#### Work to be completed:
Return the line that has "8.2 seconds measured since image 1." and all lines below it through the last, exactly as they stand; omit pictures.
*** Block opens ***
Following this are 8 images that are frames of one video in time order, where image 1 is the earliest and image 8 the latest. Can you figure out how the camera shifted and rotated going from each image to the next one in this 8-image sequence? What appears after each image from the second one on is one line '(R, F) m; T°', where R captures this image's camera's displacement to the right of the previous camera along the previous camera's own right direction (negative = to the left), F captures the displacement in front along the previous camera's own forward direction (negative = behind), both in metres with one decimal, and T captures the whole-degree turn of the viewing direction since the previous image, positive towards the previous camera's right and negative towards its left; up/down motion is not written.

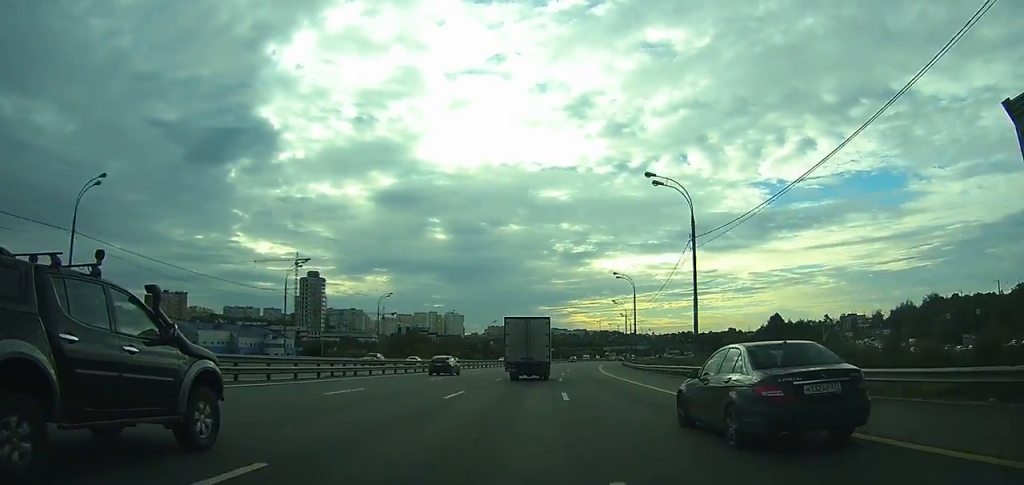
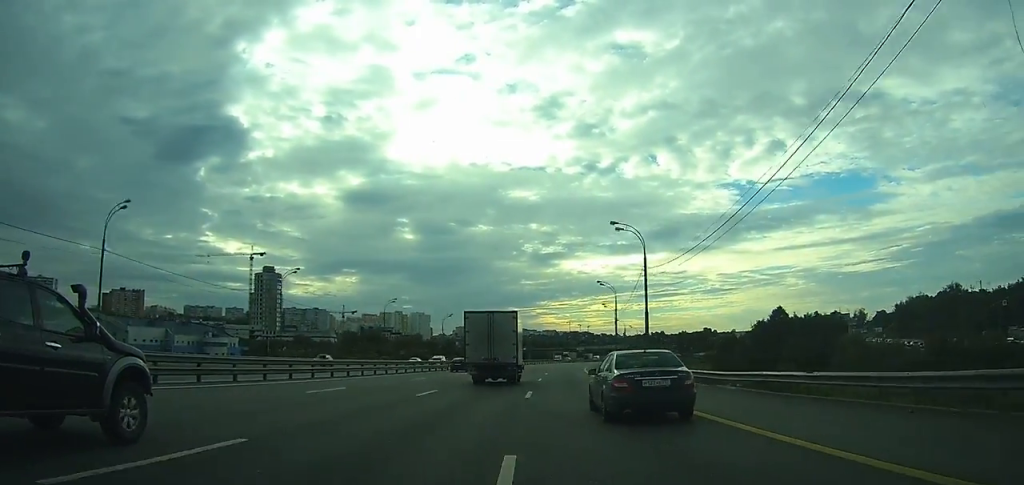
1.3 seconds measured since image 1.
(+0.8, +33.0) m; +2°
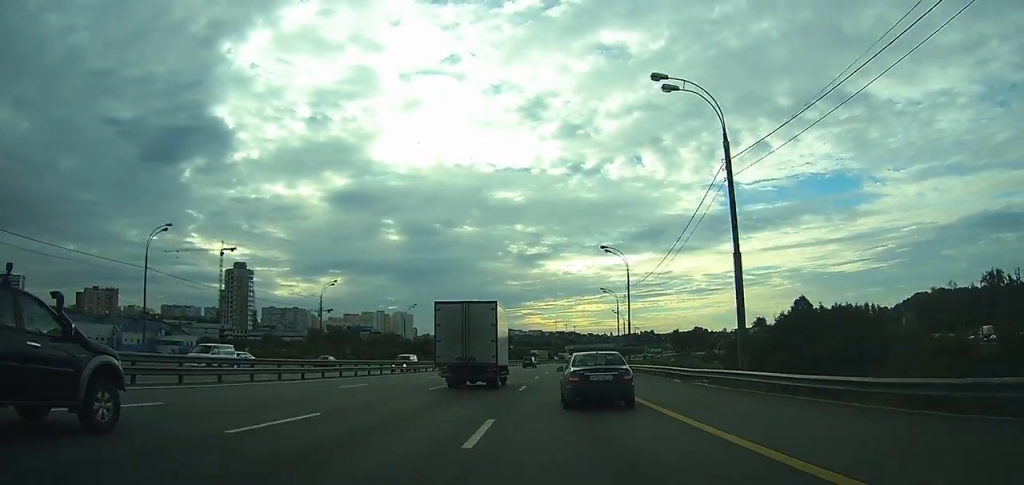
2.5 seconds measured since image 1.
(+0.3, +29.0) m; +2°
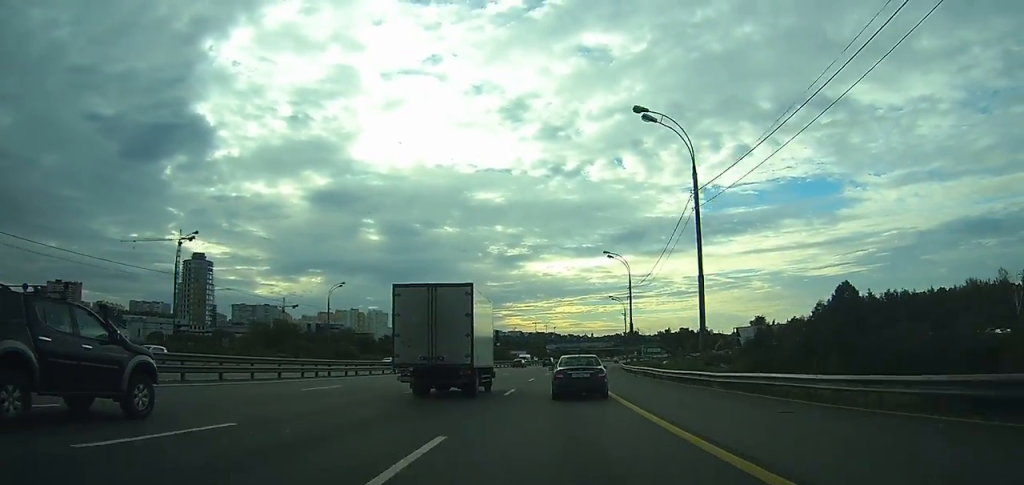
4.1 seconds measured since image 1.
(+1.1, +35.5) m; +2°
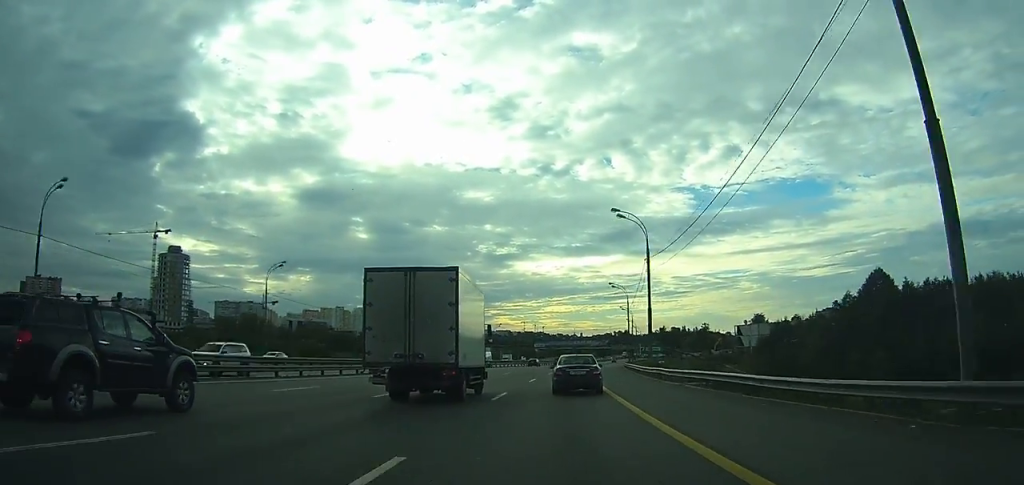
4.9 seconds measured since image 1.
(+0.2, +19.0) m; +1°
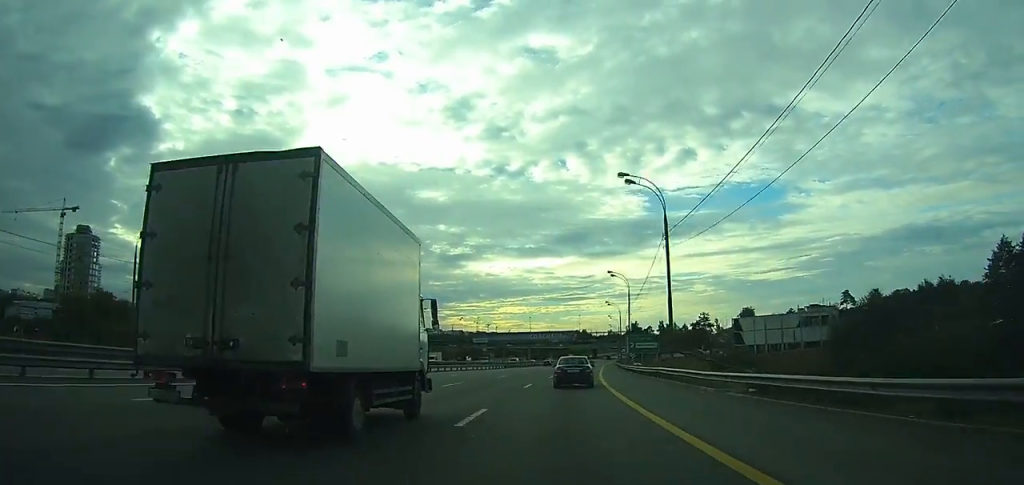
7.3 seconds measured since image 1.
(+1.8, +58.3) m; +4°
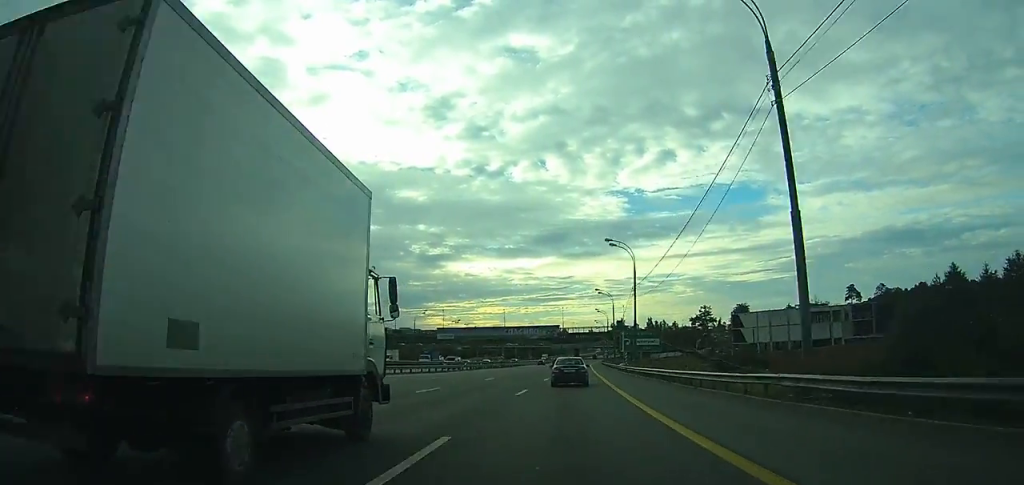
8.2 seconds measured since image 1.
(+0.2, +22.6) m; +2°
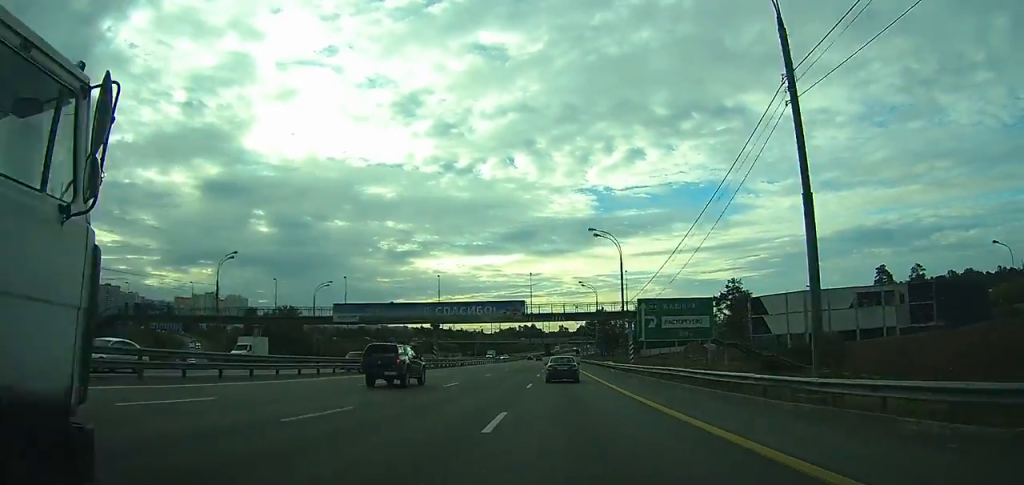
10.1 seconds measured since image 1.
*** Block closes ***
#### Expected answer:
8.2 seconds measured since image 1.
(+0.2, +22.6) m; +2°
10.1 seconds measured since image 1.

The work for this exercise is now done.